= Annie MacDonald =

British courtier (1832–1897)

Annie MacDonald née Mitchell (1832–1897), was a British courtier. She was a Dresser (lady's maid) to Queen Victoria between 1862 and 1897.

==Life==
She was born near Balmoral Castle in Scotland. She married the butler John McDonald (d. 1865) in 1863. Initially a washer woman of prince Albert, she was employed by the queen in 1862. She was the Principal Dresser and as such outranked and supervised the Second and Third Dresser and the Wardrobe Maids, all part of the Department of the Mistress of the Robes.
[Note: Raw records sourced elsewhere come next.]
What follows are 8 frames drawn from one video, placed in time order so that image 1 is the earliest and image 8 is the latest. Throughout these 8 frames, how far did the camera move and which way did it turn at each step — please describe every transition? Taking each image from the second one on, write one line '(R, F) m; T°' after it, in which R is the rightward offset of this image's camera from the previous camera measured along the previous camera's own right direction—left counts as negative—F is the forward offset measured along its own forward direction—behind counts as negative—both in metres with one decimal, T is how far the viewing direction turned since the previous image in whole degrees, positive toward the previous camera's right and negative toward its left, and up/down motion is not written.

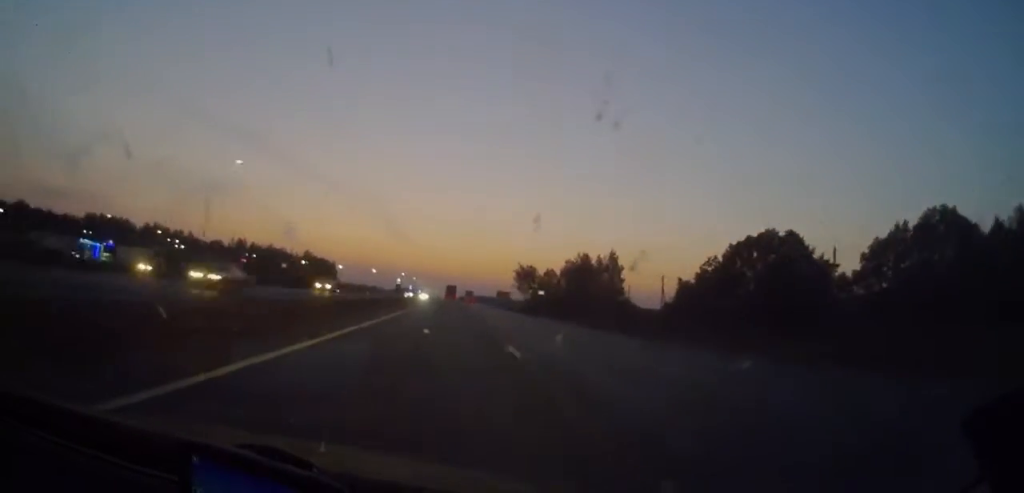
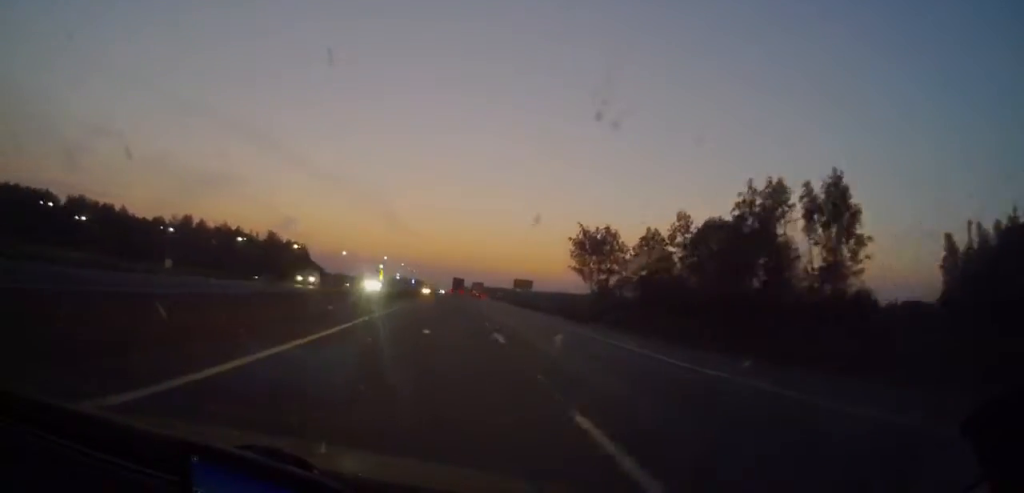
(+0.1, +83.2) m; 0°
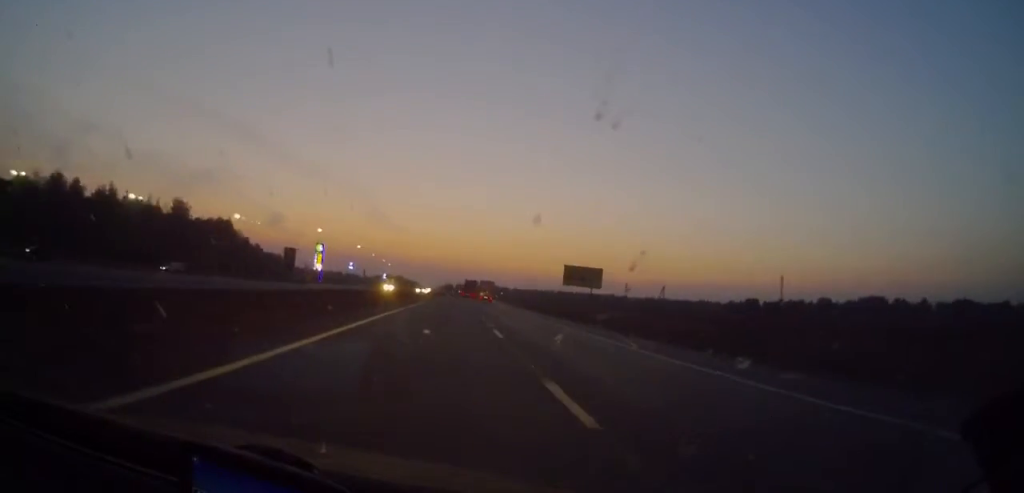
(+0.6, +107.1) m; +1°
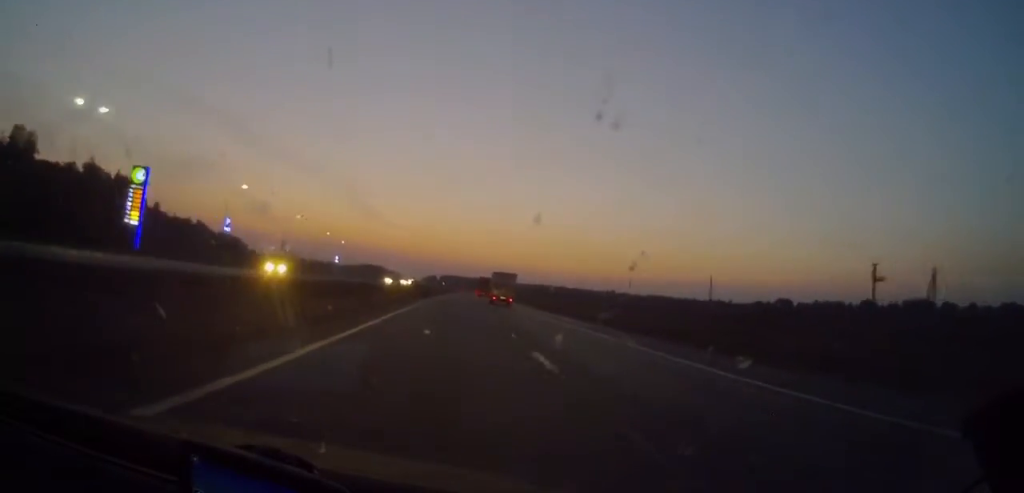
(+1.0, +91.9) m; +1°
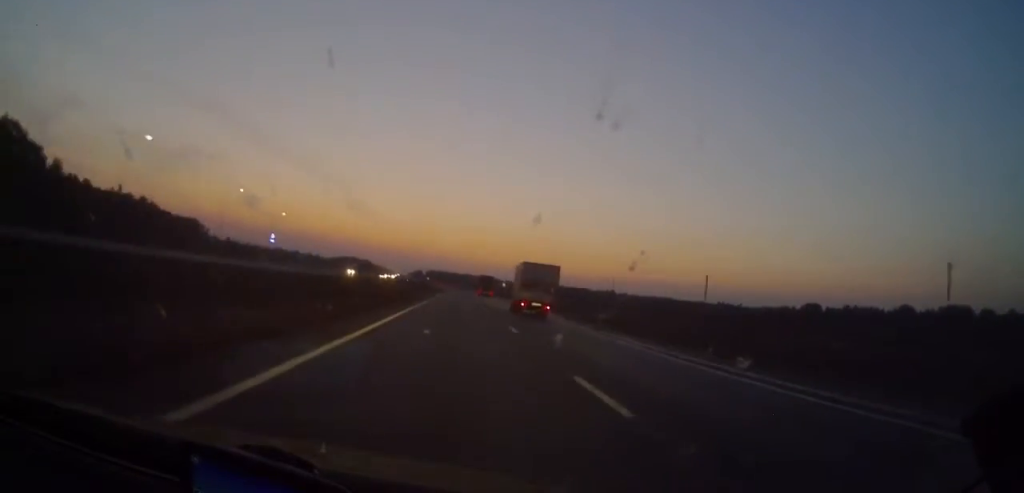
(+0.4, +63.3) m; +1°
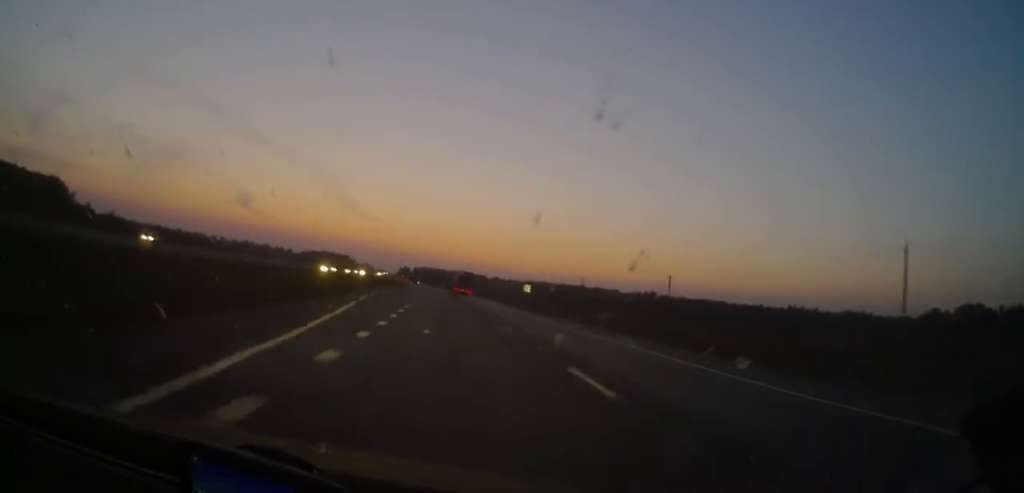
(+2.5, +180.5) m; 0°
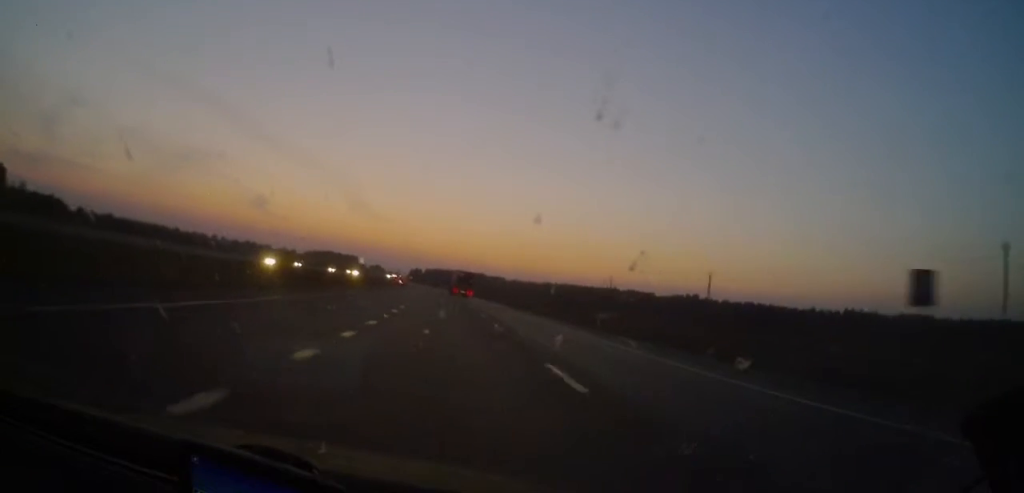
(-0.5, +71.5) m; -1°
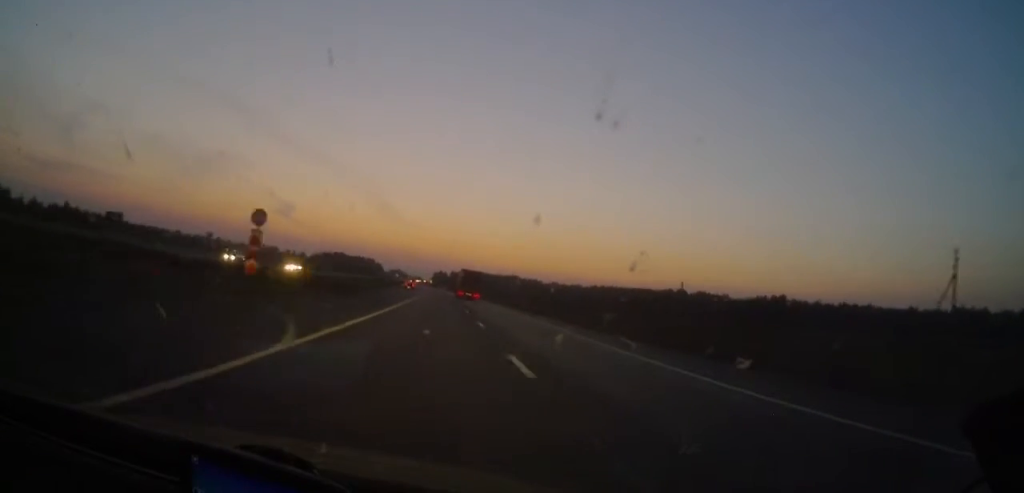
(-2.2, +104.6) m; -2°
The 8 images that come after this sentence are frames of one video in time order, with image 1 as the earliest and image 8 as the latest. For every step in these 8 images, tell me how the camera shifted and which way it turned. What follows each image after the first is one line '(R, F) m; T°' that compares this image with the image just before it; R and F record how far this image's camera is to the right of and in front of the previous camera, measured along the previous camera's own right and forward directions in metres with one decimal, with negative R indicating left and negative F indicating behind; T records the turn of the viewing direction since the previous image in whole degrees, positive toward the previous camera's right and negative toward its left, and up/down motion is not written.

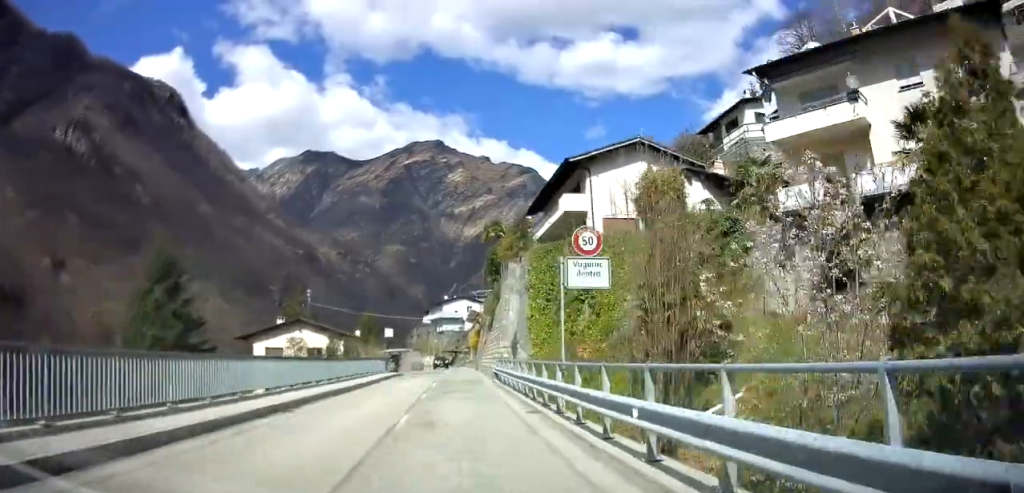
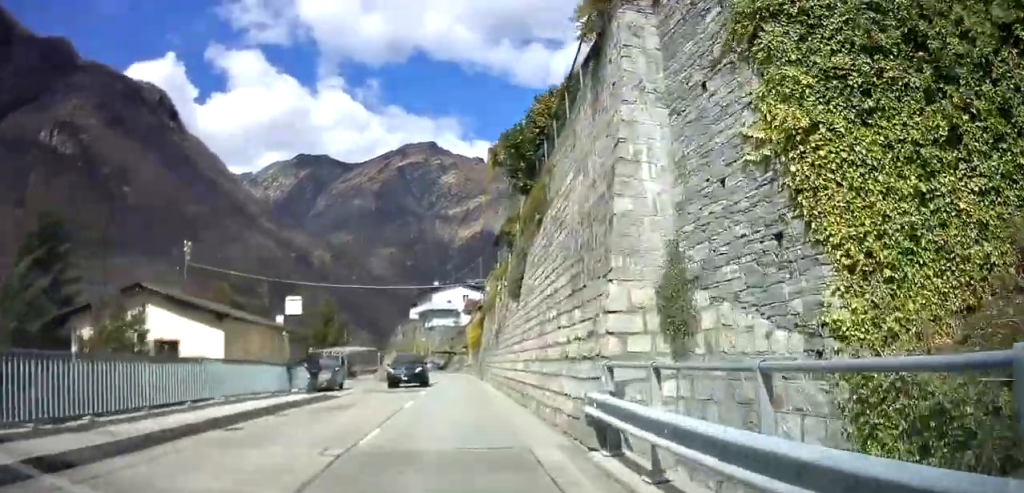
(+0.2, +25.7) m; +1°
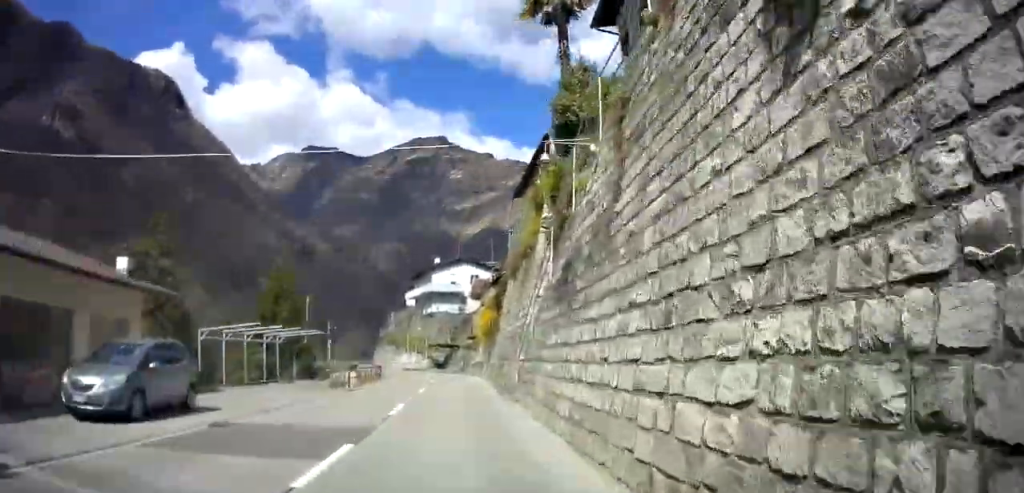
(+0.2, +17.3) m; -1°
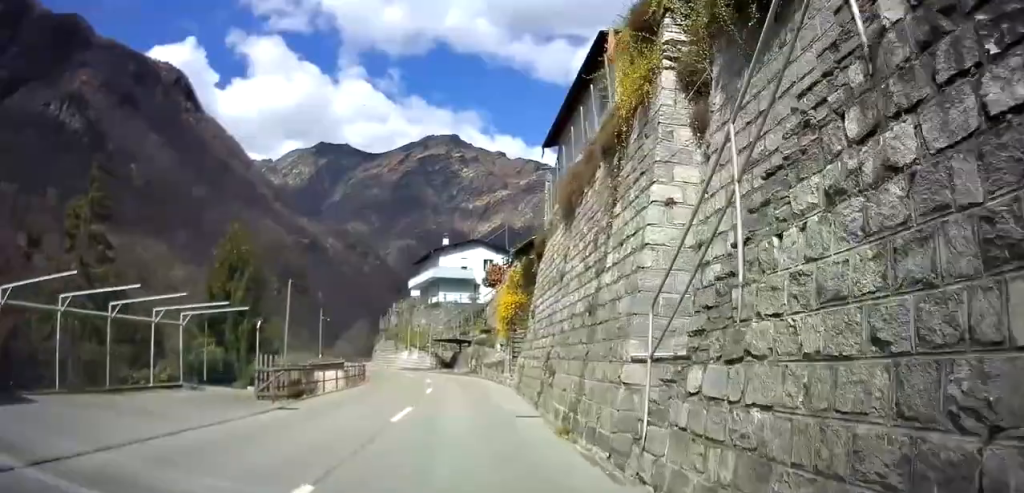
(-0.2, +11.0) m; -1°
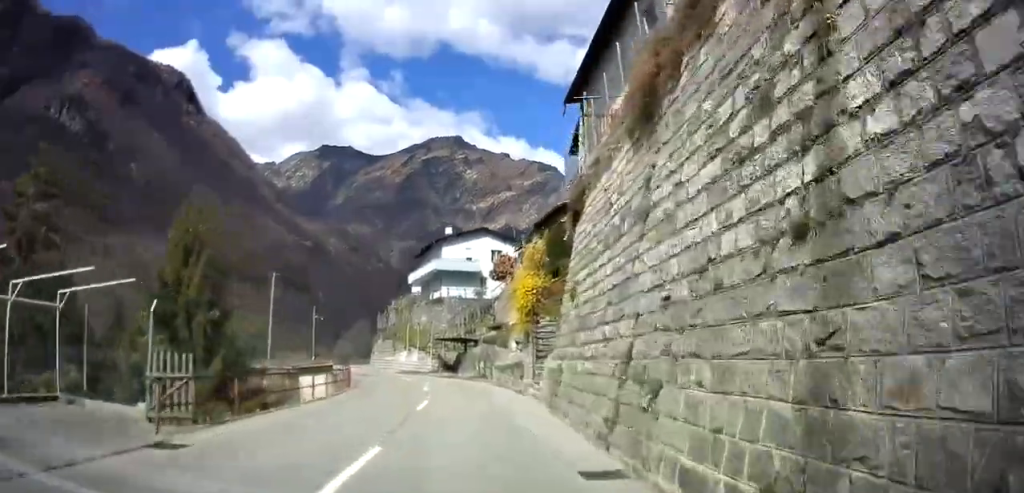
(-0.1, +6.4) m; -1°
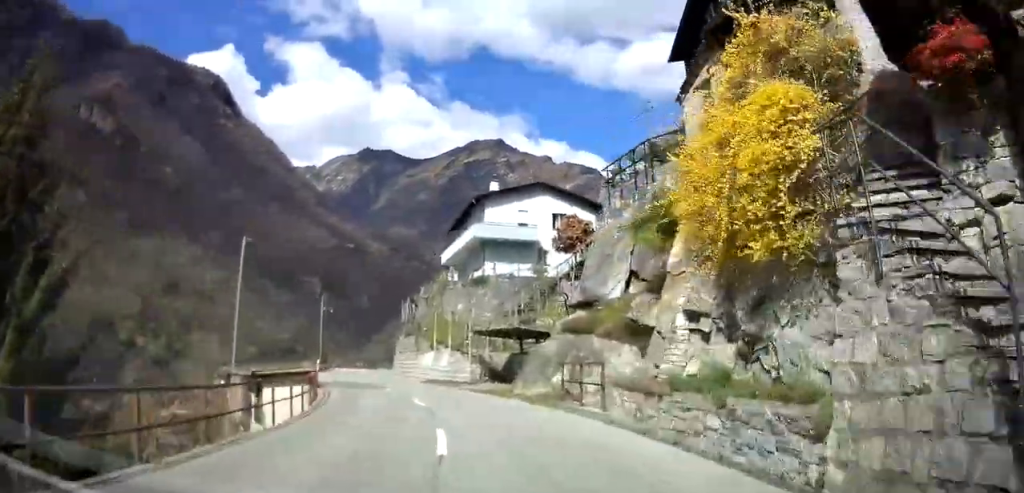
(0.0, +16.0) m; -3°
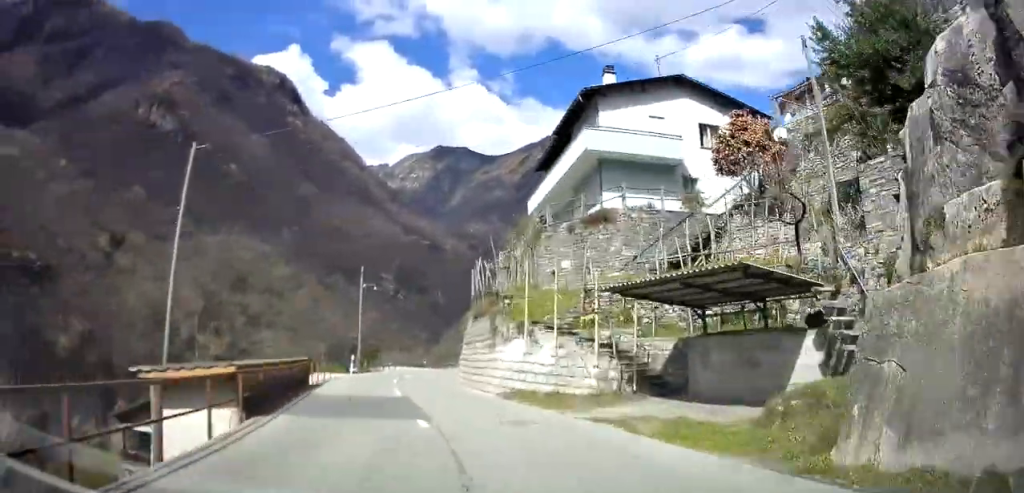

She was responsible for the organization of the queen's chamber staff, handling the contacts with tradespeople and artists, making orders and paying them and answering beggar letters. She was a personal friend of queen Victoria and replaced Marianne Skerrett as the queen's confidante when Skerrett retired in 1862. As such she had an important position in the royal household, as the queen was generally closer to her chamber staff than to her ladies-in-waiting, to whom she normally had a less personal attitude. When Victoria died, she was noted to say, that she hoped to be reunited with John Brown and Annie MacDonald.

She received the Queen Victoria Version of the Royal Household Long and Faithful Service Medal in 1892 'for faithful services to the Queen during 38 years'.

==Legacy==
She is known and often mentioned in Victoria's letters, Queen Victoria's journals and Queen Victoria's Highland Journals.